REPRESENTATIVE TARR said that she wants to feel like Alaska is
not forcing a project at a time that it should not happen. She
said some of the producers want to slow down, and maybe the new
concepts will alleviate this problem, but it is not clear to her
whether the state is forcing a project that should not go
forward or using new opportunities to enhance a project that
should.
MR. MEYER said he shared that completely; the project should
work and not be forced. He believes there are different tools in
the tool box that are common in world infrastructure projects to
make it work without forcing any particular party.
3:46:44 PM
CO-CHAIR GIESSEL said that the people sitting at the table
represent the people of Alaska, but speaking for herself she is
concerned about Mr. Meyer's concept and is discouraged to hear
there is an idea to start all over again. "We've tried this
project several times, and it hasn't penciled out and with good
reason," she stated. There is a gas offtake authority "from our
conservation commission, so that's an exciting thing. It sounds
like you agree with us that the cost of supply is a critical
driver for this project," she commented, "and yet you want to
drive toward a final investment decision by 2018. That's very
concerning." She said it is a conflicting message, but she does
appreciate him coming today.
^Fiscal Team
FISCAL TEAM
CHAIR GIESSEL said the next agenda item is to hear from the
producers, who represent three of the five members of the fiscal
team-the others are AGDC and the Department of Natural
Resources.
3:48:46 PM
DAVID VAN TUYL, Alaska Regional Manager, BP, Anchorage, said he
has been working for BP in Alaska for almost 32 years, and many
years have been dedicated to getting gas to market. He works on
the fiscal team and is also on the management committee of the
Alaska LNG project. He stated that the success of this project
is absolutely critical to BP's business in Alaska and to the
future of Alaska. The scale of the project is unique for BP, and
the corporation would like to see Alaska LNG move to market in
the 2020s. He said 2016 is a challenging year, and "currently
we're all living that reality." In the low-price environment,
there are over a trillion dollars' worth of projects that have
been shelved, he stated. "It's tough out there." The Alaska
project is also challenged, he added, but it is not unusual for
LNG projects to go through evolutions. The good news, he said,
is that the Alaska project has not been shelved. He stated that
BP and Alaska know what it means to face challenges-"challenges
are nothing new to us." The January 2014 Heads of Agreement
envisioned a path to face challenges together. It was also the
path that was forged by this legislature, and BP is committed to
progressing "in an aligned way forward."
3:51:50 PM
MR. VAN TUYL said the Pre-FEED phase is 91 percent completed to
deliverables, and BP will have spent $600 million gross to
advance Alaska LNG once the work is done. He estimated that FEED
will cost over twice that amount-maybe three times that amount.
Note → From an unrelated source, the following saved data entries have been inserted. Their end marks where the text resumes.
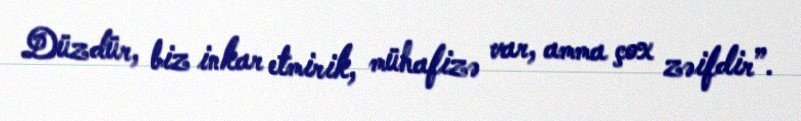
Düzdür, biz inkar etmirik, mühafizə var, amma çox zəifdir”.
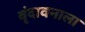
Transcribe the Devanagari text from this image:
वृंदावनाला
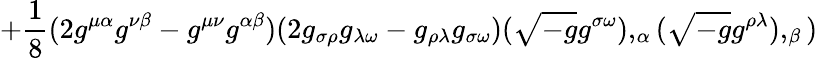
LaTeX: +{\frac{1}{8}}(2g^{\mu\alpha}g^{\nu\beta}-g^{\mu\nu}g^{\alpha\beta})(2g_{\sigma\rho}g_{\lambda\omega}-g_{\rho\lambda}g_{\sigma\omega})({\sqrt{-g}}g^{\sigma\omega}),_{\alpha}({\sqrt{-g}}g^{\rho\lambda}),_{\beta})
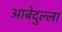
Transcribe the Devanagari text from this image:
आबेदुल्ला
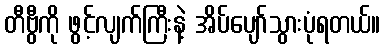
တီဗွီကို ဖွင့်လျက်ကြီးနဲ့ အိပ်ပျော်သွားပုံရတယ်။
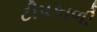
ટીપકાળી
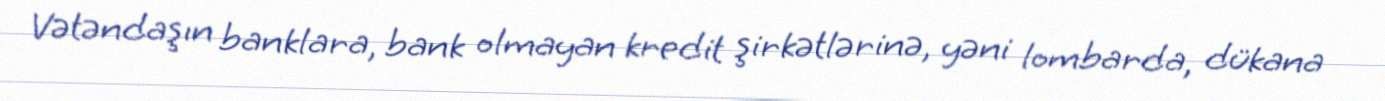
Vətəndaşın banklara, bank olmayan kredit şirkətlərinə, yəni lombarda, dükana
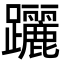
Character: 躧
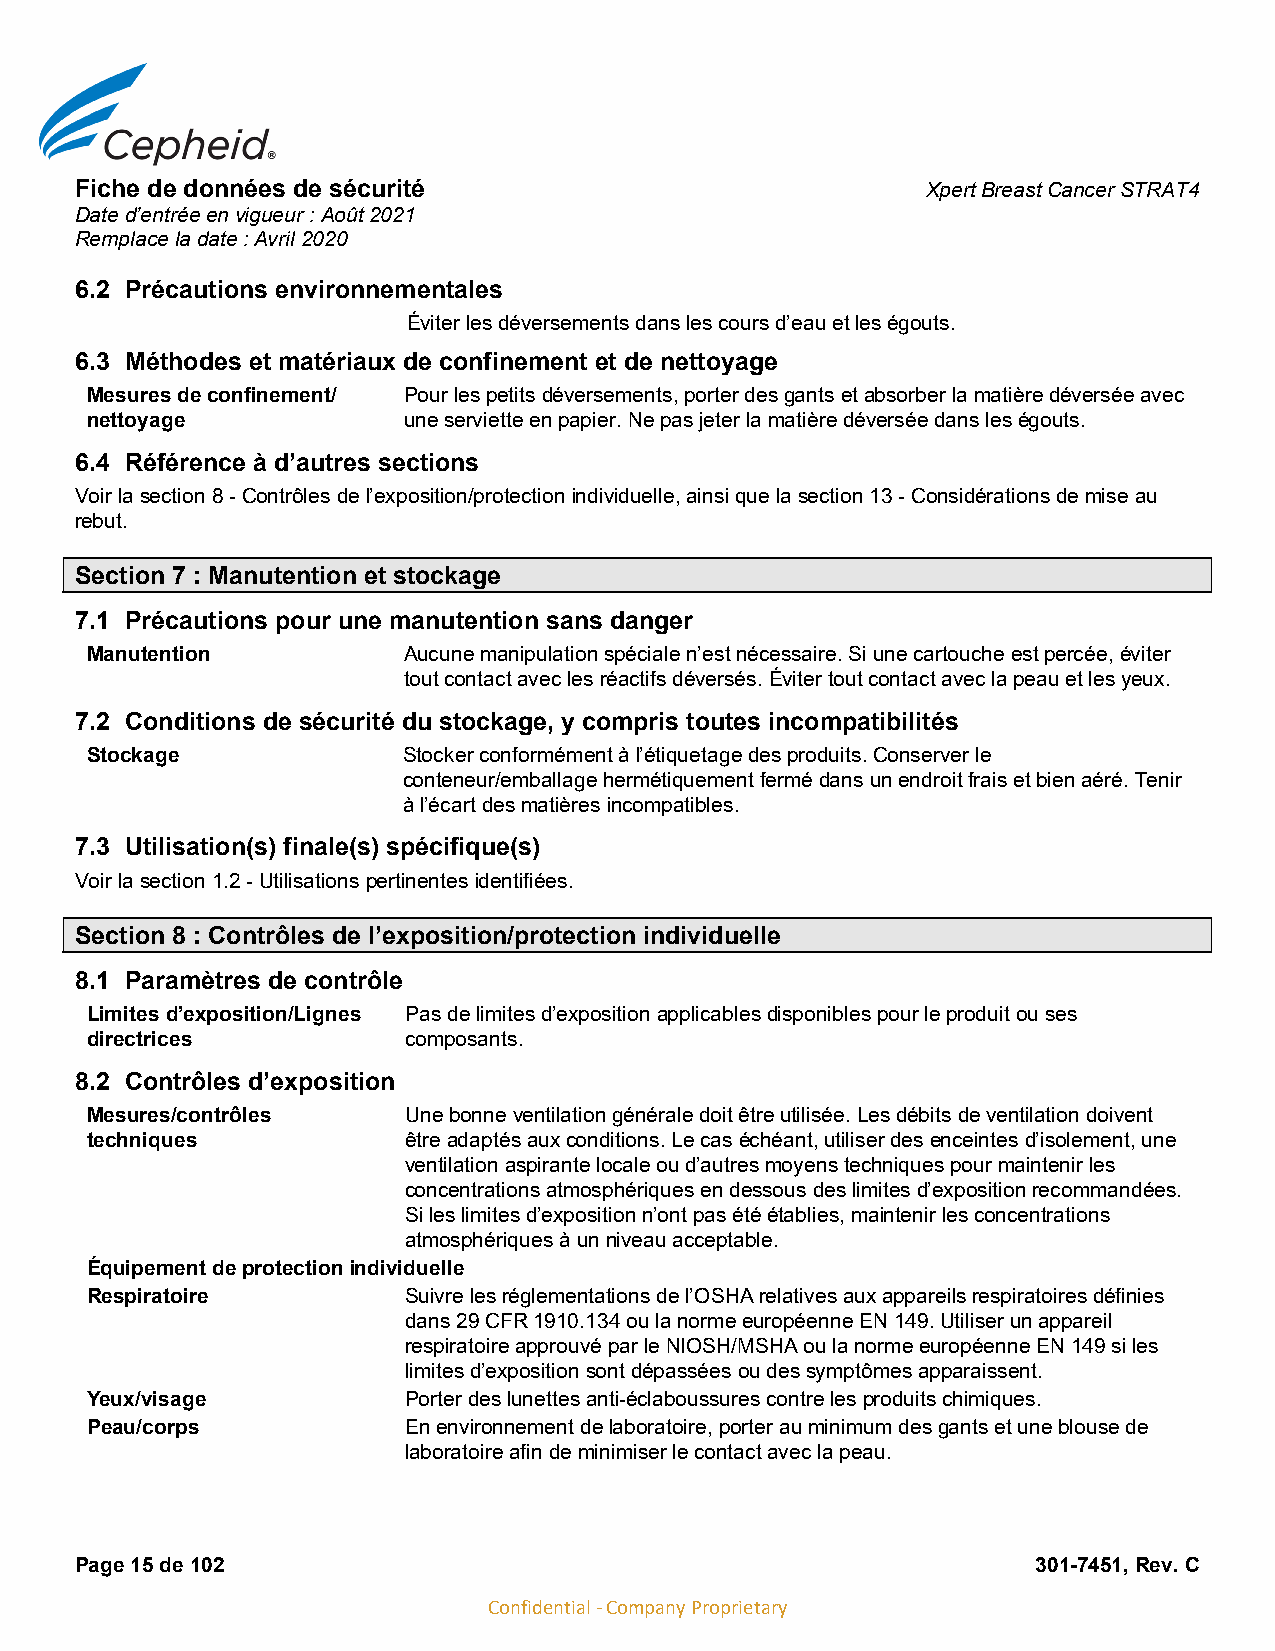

That kind of commitment deserves a careful evaluation and a
thoughtful decision before BP commits its resources or before
the state commits Alaska's resource, he stated. He said BP has
found that the cost of supply is the most meaningful benchmark
to measure how LNG competes with other projects. He explained
that it is the cost at which a project can sell product to a
buyer and is typically quoted on a discounted basis. Higher-cost
projects will struggle to find willing buyers, he said. In fact,
BP has commissioned a study to evaluate the competitiveness of
Alaska LNG, and he expects the results of the commissioned study
next month.
MR. VAN TUYL told the committee that at last month's Alaska Oil
and Gas Association's conference, Daniel Yergin, an energy
consultant who is the industry authority, reminded people that
the world LNG market has changed dramatically. Yergin's firm,
IHS, sees a tremendous supply of LNG from the Gulf of Mexico, he
said. That supply is more than 10 times the volume of known ANS
[Alaska North Slope] gas. That's the reality against which
Alaska LNG must compete, he explained, and even with the great
work of Steve Butt and the project team, "we're not there yet."
He said he understands and appreciates the state's desire to
move its project ahead, and BP understands the state's fiscal
need for a new revenue source. The state is a vitally important
co-venturer for BP, he noted, but BP does not want to move
quickly into the largest energy project in North America that
will only end up losing lots of money "for all of us."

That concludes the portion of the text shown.